_PROBLEM TO SOLVE:_ For each entry below, copy the text exactly and leave out any picture.

_GIVEN ENTRIES:_
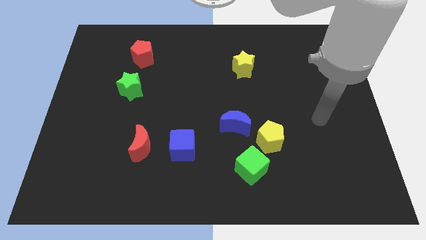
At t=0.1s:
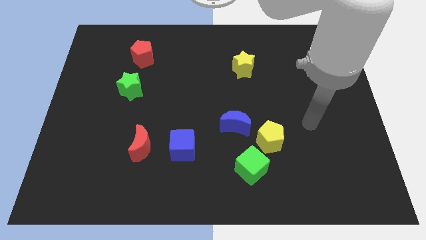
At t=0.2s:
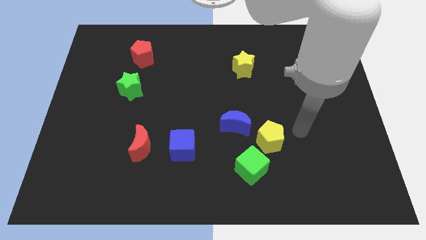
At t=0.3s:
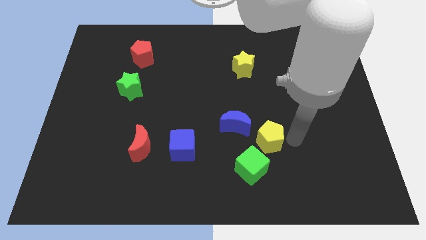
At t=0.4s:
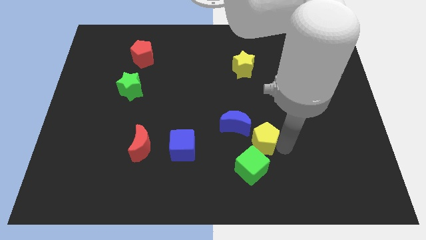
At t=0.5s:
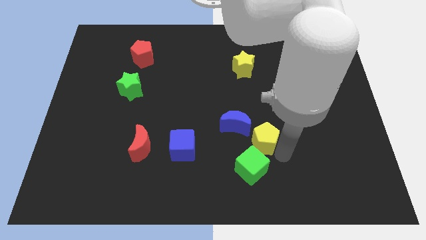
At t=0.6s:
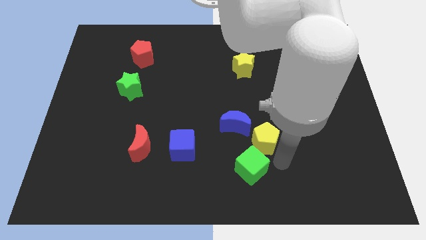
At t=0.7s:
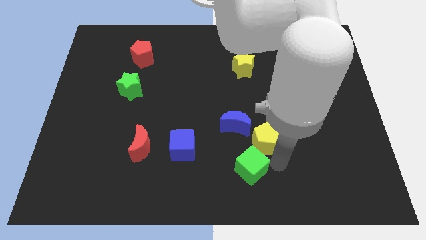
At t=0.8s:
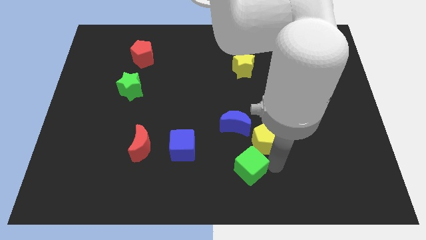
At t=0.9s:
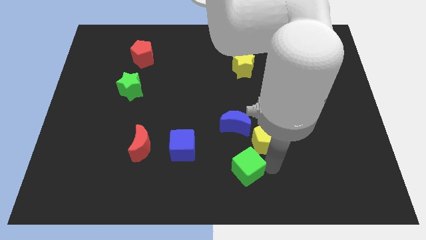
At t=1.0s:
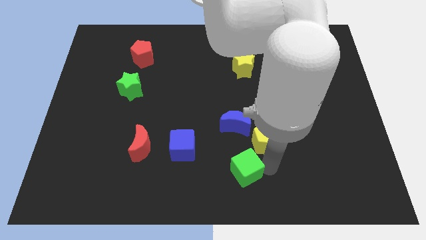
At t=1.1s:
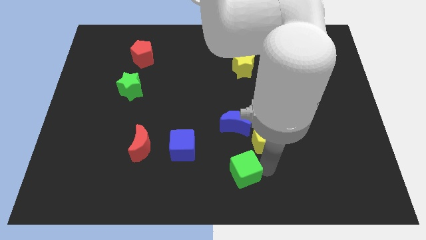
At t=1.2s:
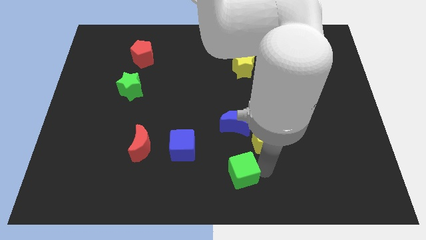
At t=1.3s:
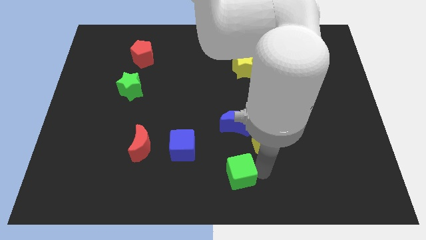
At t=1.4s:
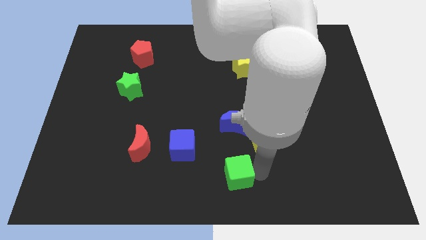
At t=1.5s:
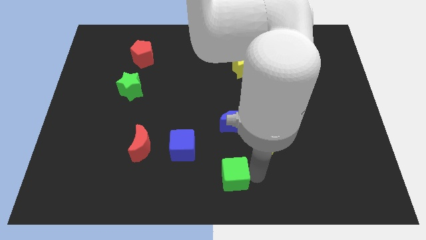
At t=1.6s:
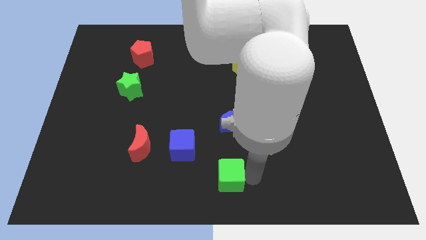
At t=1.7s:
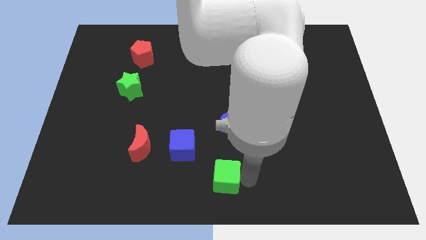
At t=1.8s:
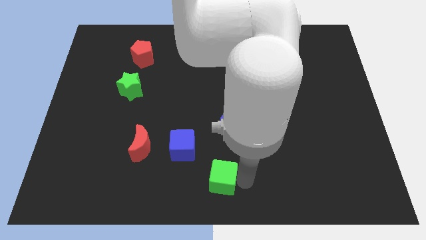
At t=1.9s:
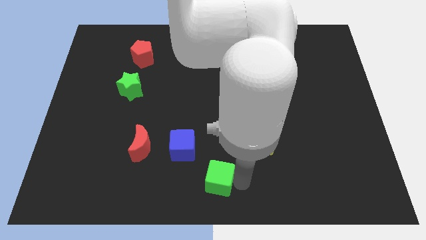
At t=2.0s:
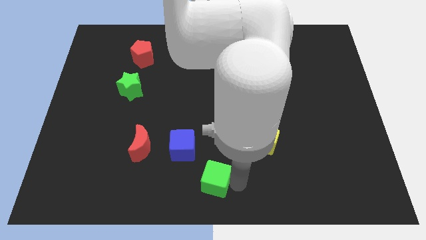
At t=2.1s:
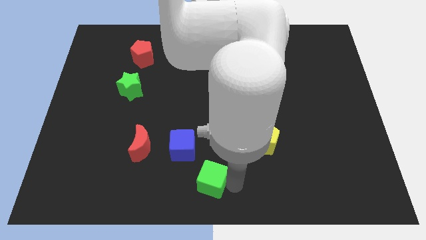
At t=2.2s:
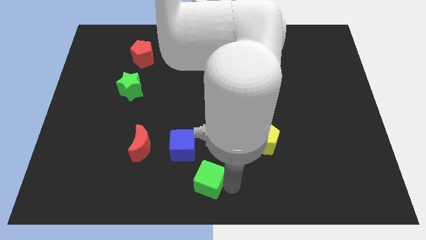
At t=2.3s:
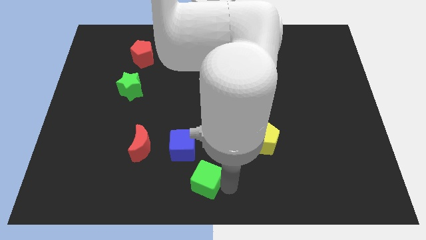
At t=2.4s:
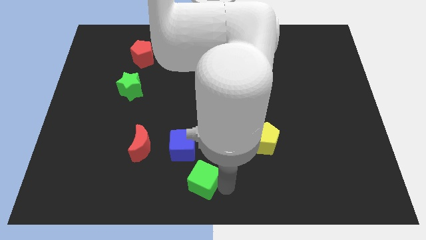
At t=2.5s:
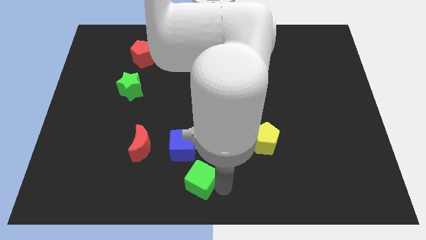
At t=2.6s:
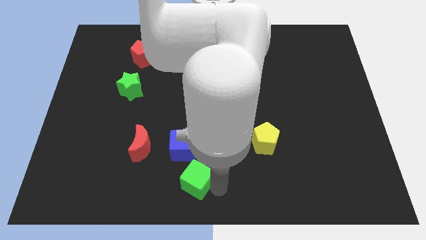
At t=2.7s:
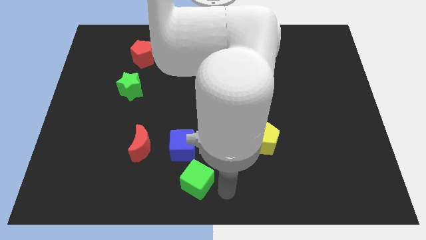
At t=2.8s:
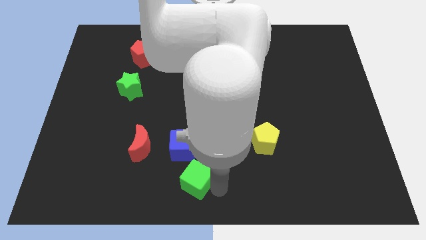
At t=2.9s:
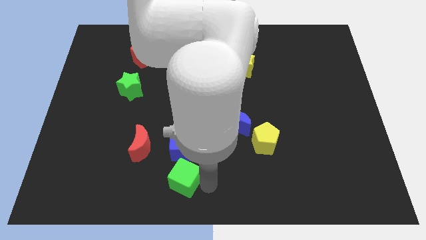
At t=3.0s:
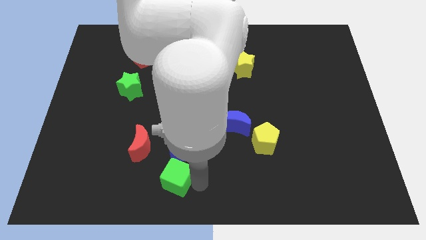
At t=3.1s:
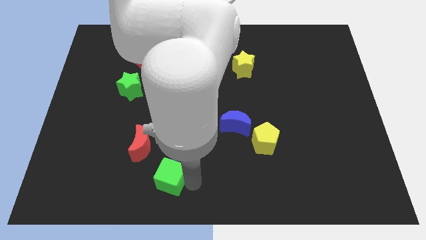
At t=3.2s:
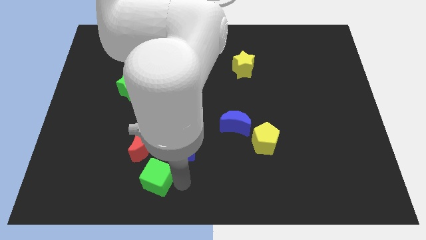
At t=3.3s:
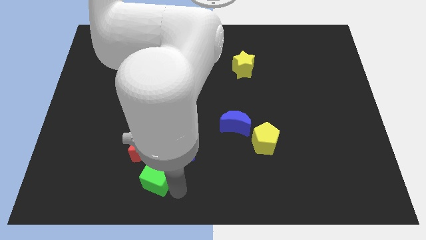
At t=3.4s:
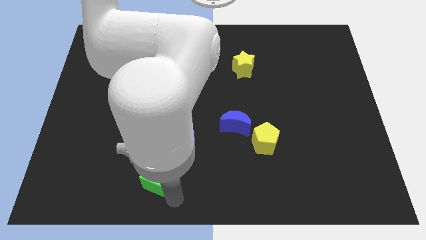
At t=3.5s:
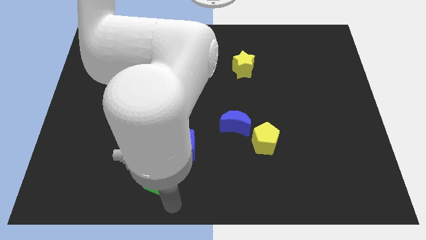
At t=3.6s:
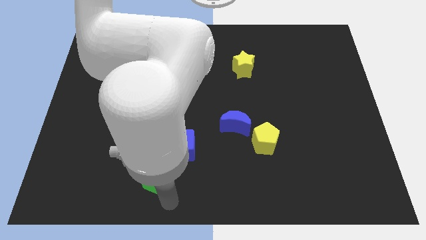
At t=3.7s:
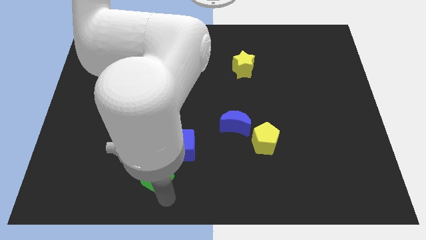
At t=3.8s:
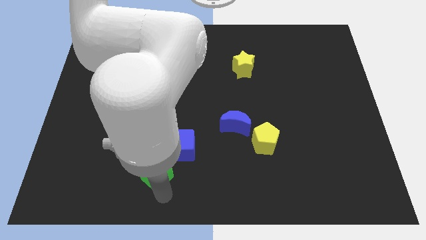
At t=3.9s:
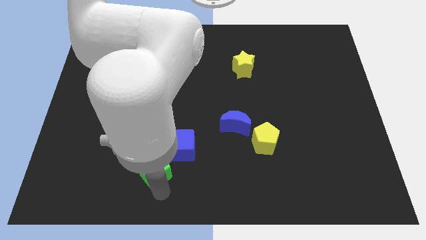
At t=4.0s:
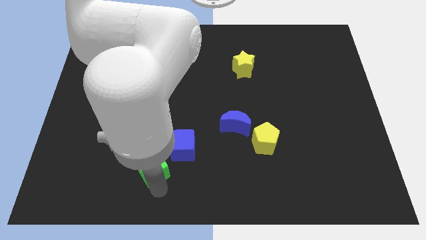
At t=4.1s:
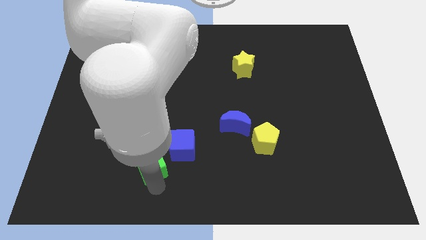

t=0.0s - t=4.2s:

_ANSWER BOX:_
At t=0.1s:
At t=0.2s:
At t=0.3s:
At t=0.4s:
At t=0.5s:
At t=0.6s:
At t=0.7s:
At t=0.8s:
At t=0.9s:
At t=1.0s:
At t=1.1s:
At t=1.2s:
At t=1.3s:
At t=1.4s:
At t=1.5s:
At t=1.6s:
At t=1.7s:
At t=1.8s:
At t=1.9s:
At t=2.0s:
At t=2.1s:
At t=2.2s:
At t=2.3s:
At t=2.4s:
At t=2.5s:
At t=2.6s:
At t=2.7s:
At t=2.8s:
At t=2.9s:
At t=3.0s:
At t=3.1s:
At t=3.2s:
At t=3.3s:
At t=3.4s:
At t=3.5s:
At t=3.6s:
At t=3.7s:
At t=3.8s:
At t=3.9s:
At t=4.0s:
At t=4.1s:

t=0.0s - t=4.2s:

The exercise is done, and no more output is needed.